I assume manual Vcore means fixed voltages? If so I think they have very similar effectiveness, only offset saves power on idle. In mean time, is offset better than turbo.


----------



## TheoneandonlyMrK (Jun 7, 2014)

You can't turbo volts......
Steady voltage is better for stability. ..
Offset is good for 24/7 high clocks with some economy ,im at 5ghz using 1- 1. 55 volts


----------



## Ed_1 (Jun 7, 2014)

first, I don't think turbo boost voltage is even a option in many MB bios .
I have Asus Z77 and know they don't use that option only auto, offset or manual voltage .
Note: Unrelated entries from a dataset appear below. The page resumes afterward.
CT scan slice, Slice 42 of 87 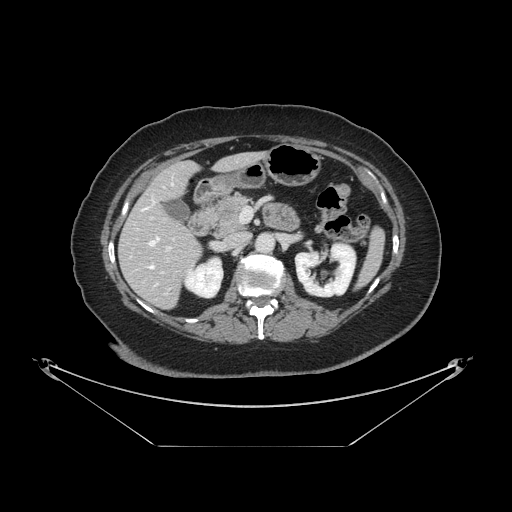

pancreatic_tumor:
  - 222 204 237 219
pancreas:
  - 209 196 248 238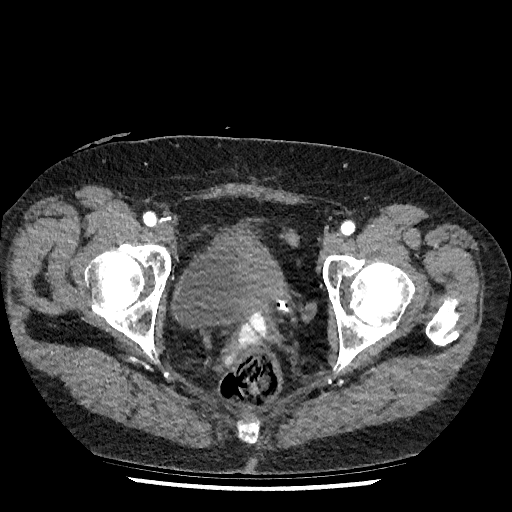 Computed tomography

<segmentation>
  <urinary_bladder>box=[170, 222, 281, 329]</urinary_bladder>
</segmentation>
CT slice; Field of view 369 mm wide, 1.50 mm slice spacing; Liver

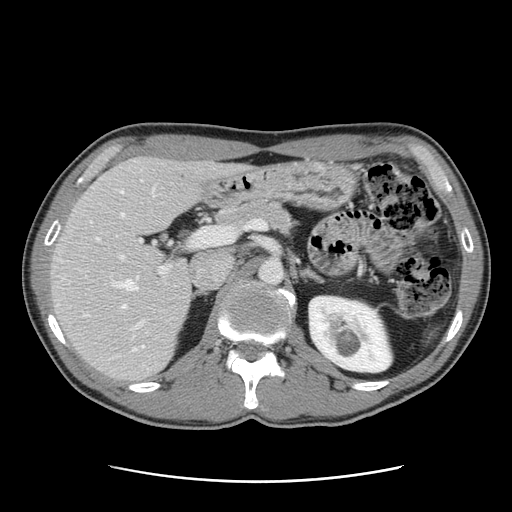
Only some of the vessels may be annotated.
<segmentation>
  <hepatic_vessel>(120, 256, 124, 259), (133, 348, 136, 350), (120, 190, 122, 192), (114, 280, 137, 290), (152, 187, 154, 197), (121, 213, 123, 216), (141, 345, 143, 347), (90, 221, 91, 222), (96, 237, 98, 240), (158, 265, 170, 274), (139, 239, 141, 241), (130, 320, 143, 331), (122, 305, 125, 307), (84, 315, 87, 315)</hepatic_vessel>
</segmentation>

But if your able to use any of offset or turbo options, it saves on idle voltage state , with turbo option being best as it doesn't affect in a minus or positive way depending on setting .
So as long as your stable I would use it instead of manual , but manual will be more stable at higher oc .

Intel XTU has the turbo option for me once I am into windows , I actually do use a very small plus voltage with a small OC once I am into windows .


----------



## Ed_1 (Jun 7, 2014)

theoneandonlymrk said:


> *You can't turbo volts*......
> Steady voltage is better for stability. ..
> Offset is good for 24/7 high clocks with some economy ,im at 5ghz using 1- 1. 55 volts


Why do you say, you can't turbo, just curious .


----------



## TheoneandonlyMrK (Jun 7, 2014)

Because it's a bs option ie just a name for llc probably, you can increase voltage but an air compressor / turbo is not going to do anything to volts ever and no pcb I have ever seen had a turbo fitted.


----------



## Ed_1 (Jun 7, 2014)

theoneandonlymrk said:


> Because it's a bs option ie just a name for llc probably, you can increase voltage but an air compressor / turbo is not going to do anything to volts ever and no pcb I have ever seen had a turbo fitted.


Well it does work, or at least the optoin in XTU works well so I assume the bios with native support of this option would give same thing .
Its gives similar results to adaptive offset in Haswell , in buy your idle is not affected and the voltage only gets added once your into boost multipliers .
No it has nothing to do with LLC AFAIK .


----------



## Vario (Jun 7, 2014)

He is making a joke, turbo as in a turbocharger http://en.wikipedia.org/wiki/Turbocharger

Intel calls the high frequency mode the turbo mode.  With the Gigabyte board I have, turbo mode voltage and offset voltage are the same thing.  For benchmarking I used fixed voltage and for day to day I use offset.


----------



## TheoneandonlyMrK (Jun 7, 2014)

It may well work as a option in a bios but imho it is important to know what is actually happening and In reality there is no actual turbo involved 
From what you describe thats similar to LLC  or a positive only offset and too much of it could kill a cpu as I said its just a name for a different vreg voltage control mode they could have called it nitro volts but no nitrous would be involved either.


----------



## Vario (Jun 7, 2014)

theoneandonlymrk said:


> It may well work as a option in a bios but imho it is important to know what is actually happening and In reality there is no actual turbo involved
> From what you describe thats similar to LLC  or a positive only offset and too much of it could kill a cpu as I said its just a name for a different vreg voltage control mode they could have called it nitro volts but no nitrous would be involved either.


----------



## Ed_1 (Jun 7, 2014)

Vario said:


> He is making a joke, turbo as in a turbocharger http://en.wikipedia.org/wiki/Turbocharger
> 
> Intel calls the high frequency mode the turbo mode.  With the Gigabyte board I have, turbo mode voltage and offset voltage are the same thing.  For benchmarking I used fixed voltage and for day to day I use offset.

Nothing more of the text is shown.